Penahanan Romy Diperpanjang 40 Hari

  Sabtu, 4 May 2019 11:25
JALANI PEMERIKSAAN: Ketua Umum PPP (nonaktif) Romahurmuziy usai menjalani pemeriksaan di Gedung KPK Merah Putih, Jakarta, Jumat (3/5) pasca menjalani rawat inap selama sebulan di RS Polr

Berita Terkait

Ditanya Kasus Korupsi, Malah Bicara soal Pemilu

JAKARTA – KPK kembali memeriksa eks Ketua Umum (Ketum) Partai Persatuan Pembangunan (PPP) Romahurmuziy alias Romy kemarin (3/5). Anggota (nonaktif) Komisi XI DPR yang menjadi tersangka suap pengisian jabatan di Kementerian Agama (Kemenag) itu sudah kembali ke rumah tahanan (rutan) KPK setelah sebulan dibantarkan di Rumah Sakit Polri Kramat Jati.

Romy tampak lesu ketika masuk ruang pemeriksaan. Dia tidak banyak komentar ketika ditanya. Begitu pula setelah pemeriksaan pukul 18.40. Dia irit komentar ketika ditanya soal penyakit yang dideritanya. Romy meminta awak media menanyakan urusan medis ke pihak RS Polri. ’’Cukup, ya. Tanya dokter (soal penyakit, Red),’’ katanya.

Kepada awak media, Romy justru menyampaikan hal yang tidak berkaitan dengan perkara. Dia mengucapkan selamat kepada KPU yang telah melaksanakan pemilu. ’’Selamat kepada partai-partai yang menjadi peserta pemilu dan menjalankan dengan baik,’’ ujarnya.

Juru Bicara KPK Febri Diansyah menyatakan, Romy dipanggil penyidik untuk kepentingan perpanjangan penahanan. Penyidik memperpanjang penahanan Romy untuk 40 hari ke depan, terhitung sejak 5 Mei hingga 13 Juni mendatang. Penahanan Romy diperpanjang lantaran penyidik masih membutuhkan keterangan dia dalam perkara tersebut.
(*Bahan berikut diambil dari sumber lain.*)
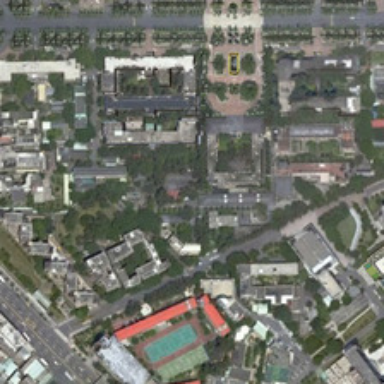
Buildings are surrounded by trees .
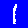
Digit: 1

Febri menyebutkan, kesehatan Romy terpantau baik selama di rutan KPK di Gedung Penunjang Kavling 4 (K4). Sejak pulang dari RS Polri pada Kamis malam (2/5), suami Henny Widiyanti itu tidak menyampaikan keluhan. ’’Sudah sarapan dan melakukan kegiatan lain. Obat-obat yang diberikan pihak RS sudah dikonsumsi. Untuk hari ini, sarapannya bubur ayam,’’ terangnya.

Dia mengungkapkan, pembantaran Romy dicabut seiring terus membaiknya kondisi kesehatannya. Pun, dokter RS Polri menyatakan bahwa Romy tidak perlu lagi menjalani rawat inap. ’’Setelah dokter atau pihak RS menyimpulkan tidak perlu rawat inap lagi, pembantaran dicabut,’’ tegas mantan peneliti ICW itu.
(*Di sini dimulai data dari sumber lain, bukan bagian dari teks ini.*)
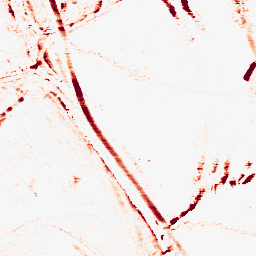
Category: morphological
Decomposition family: morphological_rect
Decomposition parameters: operation: opening
width: 10
height: 3
Upsampling method: regularized
Upsampling parameters: scale: 4
lambda_reg: 0.01
Upsampling scale: 4
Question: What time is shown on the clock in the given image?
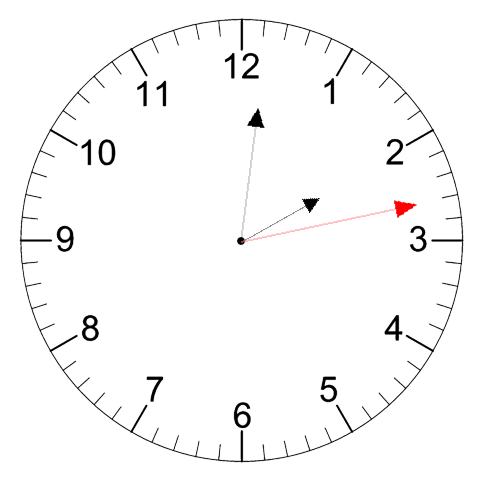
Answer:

Romy kali pertama dibantarkan pada awal April lalu. Menurut dokter RS Polri, anggota DPR dari Fraksi PPP tersebut didiagnosis menderita penyakit di bagian pencernaan. Dokter menyimpulkan perlunya dilakukan rawat inap. Bersamaan dengan itu, KPK melakukan pembantaran tanpa mengurangi masa penahanan Romy.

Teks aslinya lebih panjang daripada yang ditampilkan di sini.